De pronto el puerto se convierte en una calle larga que discurre junto al mar con las casas blancas al otro lado. En el suelo hay baldosas que conforman el dibujo de una hydra; mis pies juegan con sus líneas pintadas en el suelo. Acelero el paso, mi casa está cerca. Lo intuyo. Levanto la cara y me dejo embriagar por los olores del verano. El pan recién hecho. Los melocotones reventones de los vendedores ambulantes. Olores salados de mar, de viento de levante que llega de lejos. El aroma que se escapa de los jazmines que tapizan las balaustradas de las casas de playa.
La calle no se acaba y me inquieta llegar al final. Allí debe de haber una casa más alta de ladrillo rojo, que es la mía. En la vereda una fila de adelfas con flores blancas y rojas. Las rodeo zigzagueando y a mi derecha se abre, de repente, un callejón entre casas que me conduce de nuevo al mar. Me ofrece su espacio de contraluz. Me invita a pasar. Lo cruzo tocando con las yemas de los dedos las paredes encaladas.

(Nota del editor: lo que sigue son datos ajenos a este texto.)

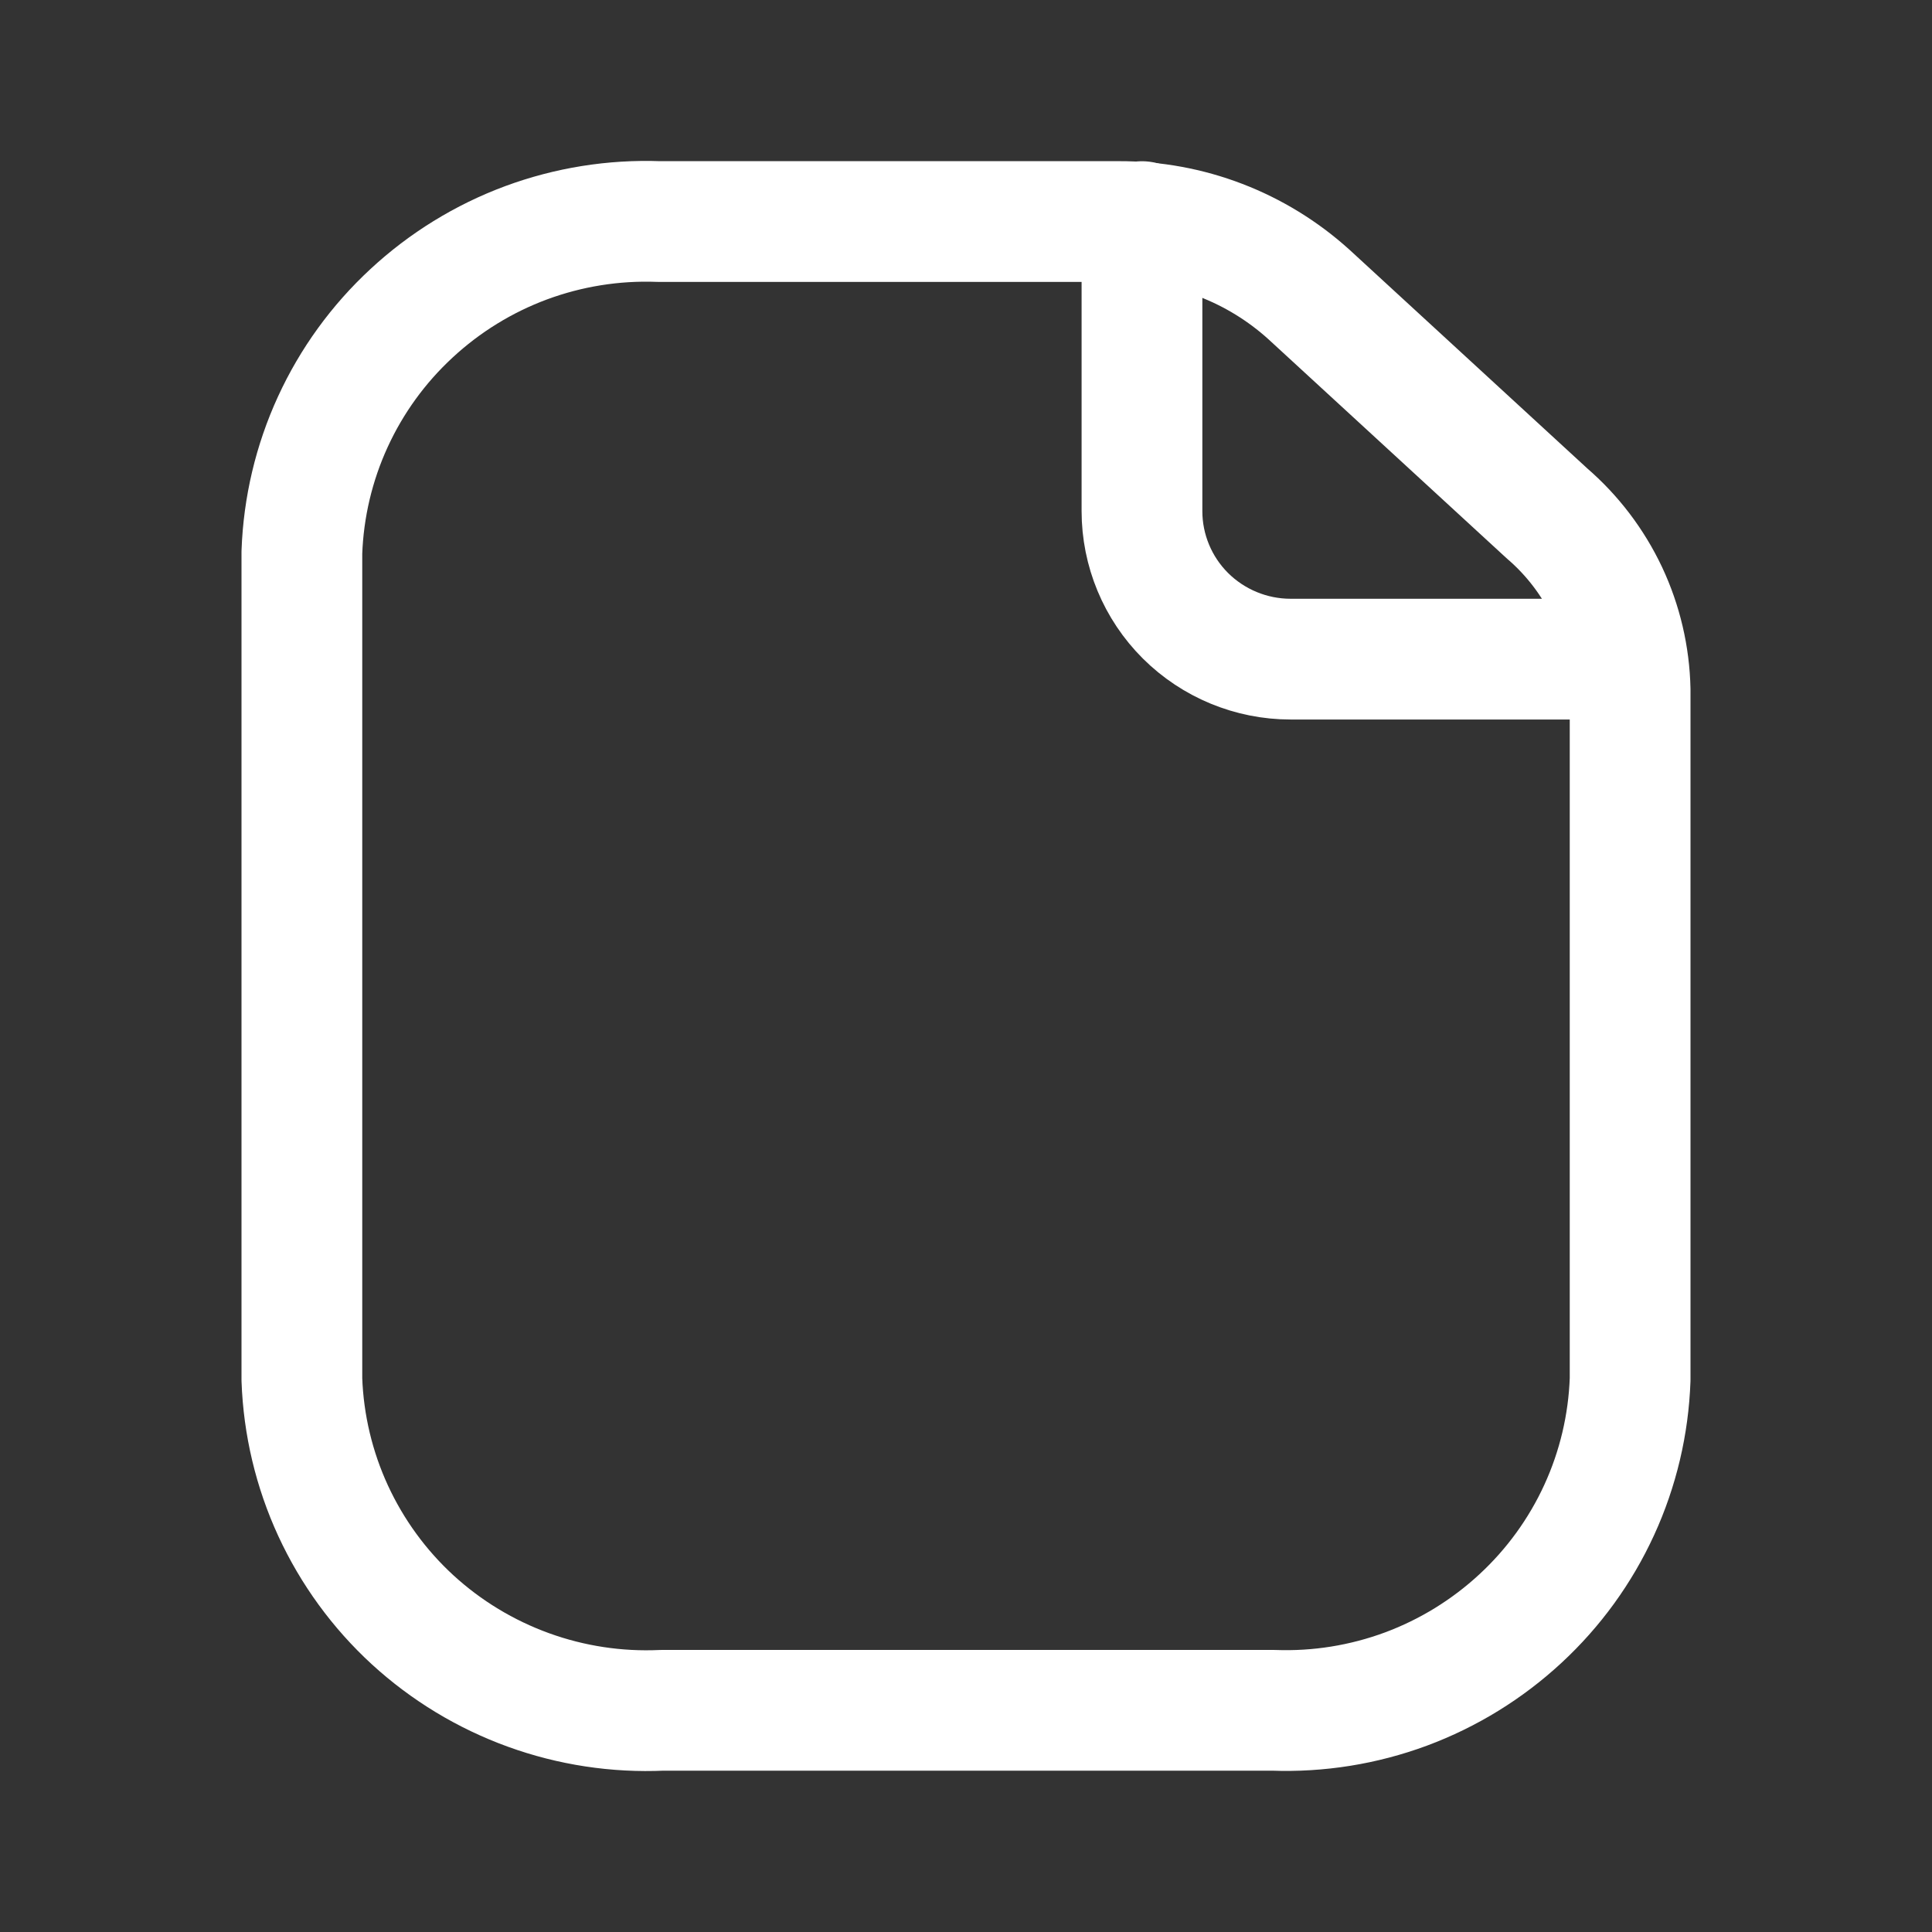 <?xml version="1.0" encoding="UTF-8"?> <svg xmlns="http://www.w3.org/2000/svg" width="24" height="24" viewBox="0 0 24 24" fill="none"><rect x="0" y="0" width="24" height="24" fill="#333333" stroke="none"/><path d="M14.186 2.753V6.349C14.186 6.836 14.38 7.304 14.726 7.649C15.073 7.994 15.543 8.188 16.032 8.188H20.157" stroke="white" stroke-width="1.5" stroke-linecap="round" stroke-linejoin="round"></path><path d="M20.25 8.568V17.136C20.23 17.697 20.1 18.247 19.866 18.757C19.632 19.267 19.3 19.725 18.888 20.106C18.476 20.488 17.992 20.786 17.465 20.982C16.938 21.177 16.378 21.267 15.816 21.246H8.226C7.661 21.272 7.096 21.186 6.564 20.993C6.032 20.8 5.543 20.504 5.126 20.122C4.71 19.74 4.375 19.28 4.138 18.767C3.902 18.255 3.77 17.7 3.75 17.136V6.862C3.77 6.302 3.9 5.751 4.134 5.241C4.368 4.731 4.7 4.273 5.112 3.892C5.524 3.51 6.007 3.212 6.535 3.016C7.062 2.821 7.622 2.731 8.184 2.752H13.898C14.77 2.749 15.612 3.072 16.259 3.657L19.219 6.379C19.535 6.651 19.79 6.987 19.968 7.364C20.145 7.741 20.241 8.151 20.25 8.568Z" stroke="white" stroke-width="1.5" stroke-linecap="round" stroke-linejoin="round"></path></svg>

Al salir veo un quiosco de madera sobre la arena plateada. Está cerrado. A pocos metros hay un tocón de palmera con un pedazo que parece un respaldo. Las aves del paraíso sobrevuelan la playa desierta.
Está atardeciendo. Busco el sol. Veo cómo se arrastra detrás de una torre de ladrillo dejando su brillo ígneo tras de sí, como el rastro de un caracol. La única condición para no ser expulsado de la Ciudad Magnética es querer quedarse. El turista, el Kraken, los Corsarios, se alejarán cuando anochezca. Los arrastrará una fuerza, en apariencia física.
Yo sumerjo mis pies desnudos en la arena caliente y camino hasta el tocón.

—¿De dónde eres?—Reverbera en mi memoria.

Me siento. Prefiero quedarme.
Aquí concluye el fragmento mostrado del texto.